We want to be the number one or two provider of every key supply chain service. We’re a few decades late to achieve that in parcel, and the rails have been consolidated even longer. But for most other parts of the supply chain, we’ve achieved—or aim to achieve—leadership status. We want to be top-of-mind and the first call for transport and logistics customers worldwide. The quality of our people and technology will always be world-class. We want every customer interaction to be a breath of fresh air.
IL: How has your background in the oil, waste management, and equipment rental industries shaped your approach to acquiring and consolidating logistics companies?
It’s not so much about M&A as it is about how some industries just work better when they’re less fragmented. Equipment rental and waste management need a highly integrated network—the larger the better, because density improves asset utilization.
IL: Has the logistics sector presented any unique challenges?
Not really. The issues that I deal with every day are the same ones that CEOs in other industries tackle. They mainly center on people. How do you make sure you have the right people at all levels of the organization, and that they keep their heads in the game and are aligned with the interests of customers and shareholders?
IL: Have any specific lessons you’ve learned in your professional life left an indelible mark?
My mentor, Ludwig Jesselson (a longtime commodity trader and philanthropist), once told me that if you genuinely enjoy solving problems, then you should choose business as a profession. Otherwise, take a different path. You have to adopt a mentality that problems are good things; that they give you an opportunity to use your creativity to find solutions.
IL: Knowing what you know today, what advice would you share with your 20-something-year-old self?
There will never be a time when you have absolutely everything figured out. So don’t take yourself too seriously and don’t be rigid. Be flexible, agile, and open to change. I’ve gained a large measure of humility through life’s experiences, but if I could go back in time, I’d save young Brad some battle scars.
IL: That said, how would you counsel young professionals starting a career in transportation and logistics?
Think much, much bigger. Stay focused, yet be entrepreneurial. They’re not mutually exclusive.

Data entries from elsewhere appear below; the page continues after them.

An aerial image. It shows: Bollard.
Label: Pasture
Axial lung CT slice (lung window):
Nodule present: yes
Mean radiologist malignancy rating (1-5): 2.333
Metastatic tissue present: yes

You can give your full attention to the job in front of you and still keep your mind open to how it might be done differently or better. If the company you start your career with doesn’t appreciate entrepreneurial thinking, find one that does. It’s important that you greatly enjoy your job and the people you work with.
IL: What qualities make an effective leader?

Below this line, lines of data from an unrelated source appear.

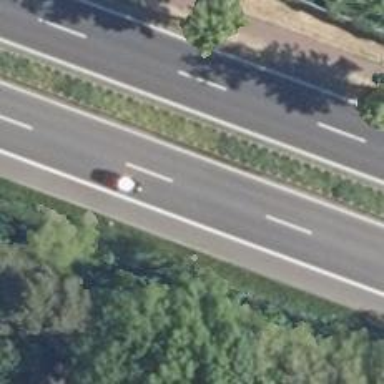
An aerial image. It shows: Asphalt motorway of trunk classification.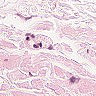
Metastatic tissue present: no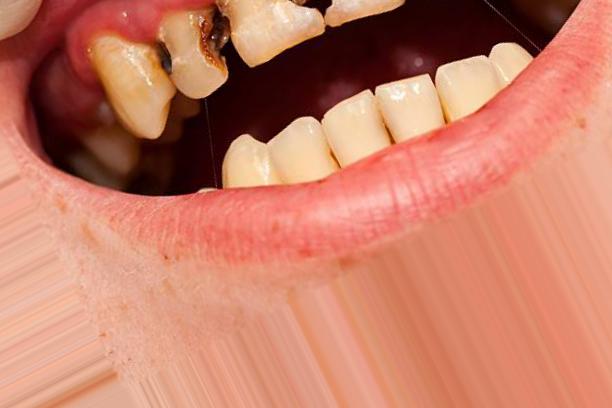
Condition: Caries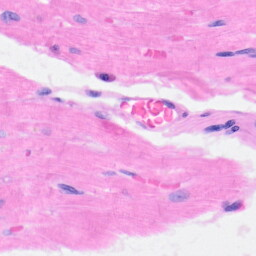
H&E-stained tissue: Heart

Humbleness, courage, fairness, caring, clear thinking, decisiveness, cognitive flexibility, intense energy and focus, and a willingness to sacrifice your personal life for the sake of your employees. You also need the ability to rally the organization around a single, coherent vision; and hire people who are more talented than you are in what they bring to the table.

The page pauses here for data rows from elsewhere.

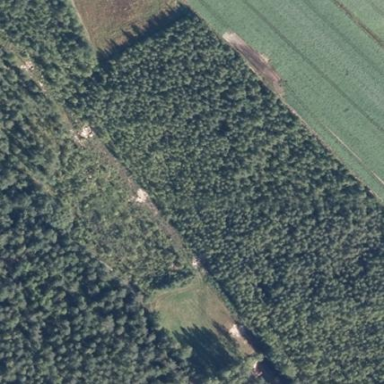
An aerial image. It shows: Clearcut man-made area surrounded by scrub vegetation.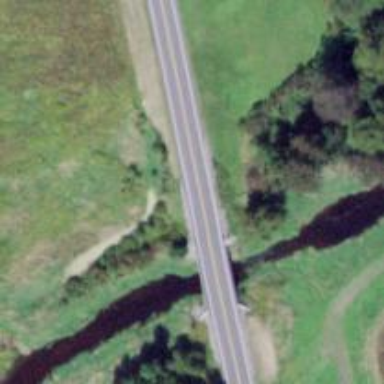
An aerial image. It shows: Primary highway bridge.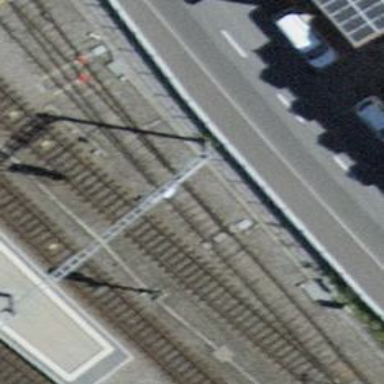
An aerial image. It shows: Railway switch.

IL: What leaders inspire you?
Futurist Ray Kurzweil is an inspiration as a thought leader, particularly in the area of artificial intelligence. He can look at contemporary trends and envision the outcomes one decade or one century into the future. Kurzweil also puts his brain to practical use as an inventor. And, like many great thinkers, he’s fearless about being proven wrong. It’s a powerful mix.
IL: If you channel your inner Ray Kurzweil, what disruptive innovations will have the greatest impact on logistics?
Artificial intelligence is much closer to practical application than most people realize. It has huge implications for almost every industry, but particularly for service industries that require nuanced decision-making. Nanotechnology is another potentially disruptive innovation that can alter the flow of manufactured goods, and eventually the contract logistics process. In the long-term, genomics will affect supply chain patterns as we better understand the genetic drivers of health, lifestyle, and even retail preferences.